4. Assignments and Extensions
Reading assignments and paper assignments will be provided well in advance of due dates. Missing a class assignment will mean an F for that assignment. Late assignments will not be accepted without a verifiable, documented excuse.
- Clear and coherent writing is an important factor in your success in this class. I urge you to visit the Learning Center on campus and make use of their tutoring services before you hand in written work. I will also be more than happy to look at rough drafts during my office hours.
- A note about computer/printer problems, software issues, email access, etc: I recognize that computer, printer, and email problems can and do arise. Be sure to back up your work on an external hard drive, or simply email copies of your work to your school account (and preferably an additional email account). Always keep back up copies of your papers. Problems related to computers, printers, software and/or email are your responsibilities to address; they are NOT legitimate excuses for late work, incomplete assignments, and so on.
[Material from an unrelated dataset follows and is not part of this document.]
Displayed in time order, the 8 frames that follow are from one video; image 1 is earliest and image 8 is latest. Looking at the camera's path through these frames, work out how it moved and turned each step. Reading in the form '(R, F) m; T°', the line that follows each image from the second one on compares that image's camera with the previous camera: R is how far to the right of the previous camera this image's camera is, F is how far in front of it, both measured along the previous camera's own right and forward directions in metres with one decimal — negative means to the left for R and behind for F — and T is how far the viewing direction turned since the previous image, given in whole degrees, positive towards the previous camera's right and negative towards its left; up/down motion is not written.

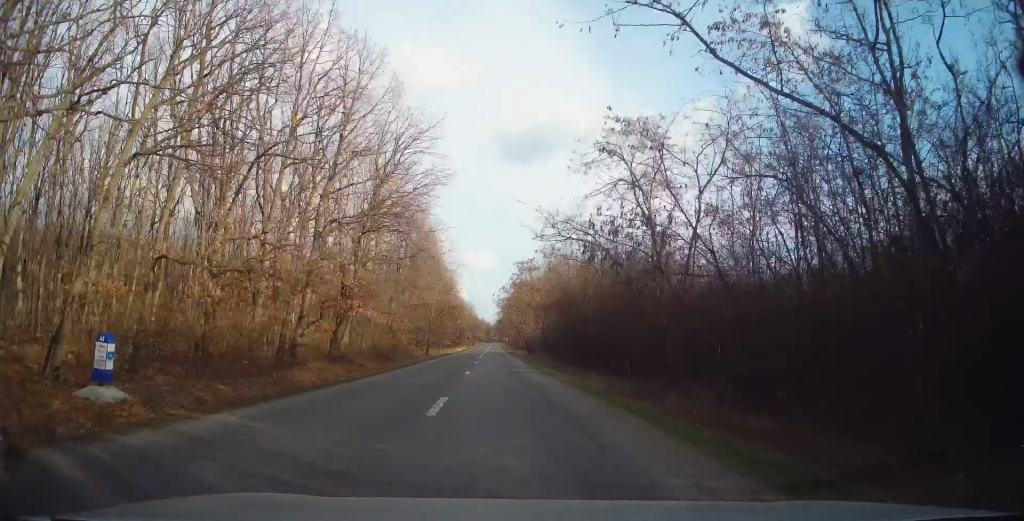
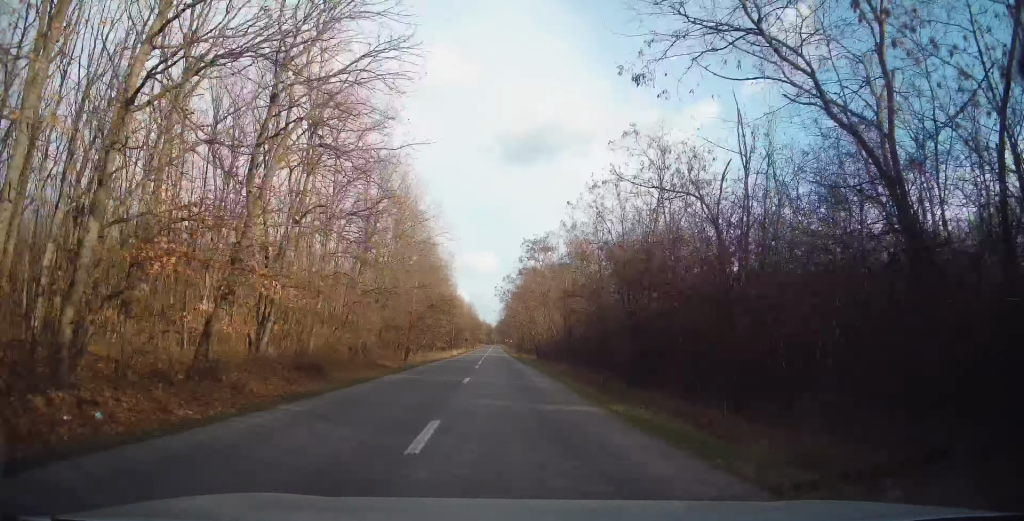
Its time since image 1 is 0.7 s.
(+0.1, +14.1) m; -1°
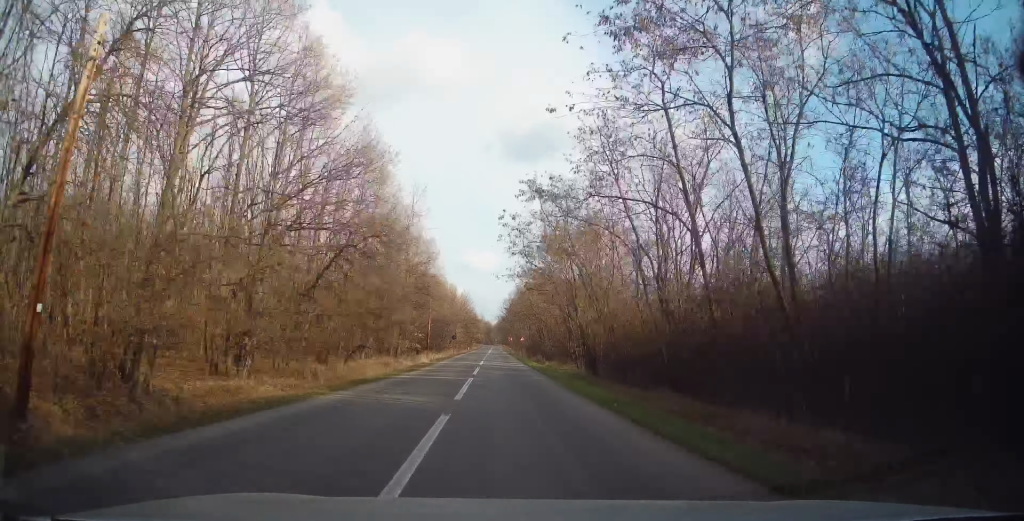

5. Academic Integrity and Plagiarism
Plagiarism consists of using someone else’s ideas as your own in formal writing. If you use someone else’s ideas, you are expected to cite them. If you use someone else’s exact words, even if it is just part of a sentence, then you must put quotation marks around the phrase or sentence and properly cite the author. I may not be the smartest person in the entire world, but you can rest assured that my research skills, as well as my ability to spot plagiarism, are of a Bruce Lee caliber. In short, plagiarism will not be tolerated. If I catch you doing it, you will receive an immediate ‘F’ for the course and all further discussions on the matter will take place between you and the head of Academic Affairs at Penn State Greater Allegheny. If you have any questions about academic integrity policies and procedures, please see me and/or consult Penn State’s guidelines at: http://www.psu.edu/dept/ufs/policies/47-00.html – 49-20
6. Grading Policy
Grades shall be assigned to individual students on the basis of the instructor’s judgment of the student’s scholastic achievement. Grades are final and I grade exams and assignments based on your performance, not your intentions. Effort will be recognized in your participation grade for the course. I am eager to help you do well on exams and assignments before they are due. Please visit me during office hours to ask questions when you are working on an assignment or reviewing material. Here are the circumstances under which I would change a grade: (a) if I have made an error, or (b) if I have failed to hold you to the same standard as everyone else. In the event that you feel you received an undeserved grade, you should make your case in writing to your instructor within two weeks of receiving the grade. Finally, there are very few circumstances in which the professor will award a grade of “incomplete” for the course. If you feel like such circumstances apply, please discuss it with me near the end of the semester.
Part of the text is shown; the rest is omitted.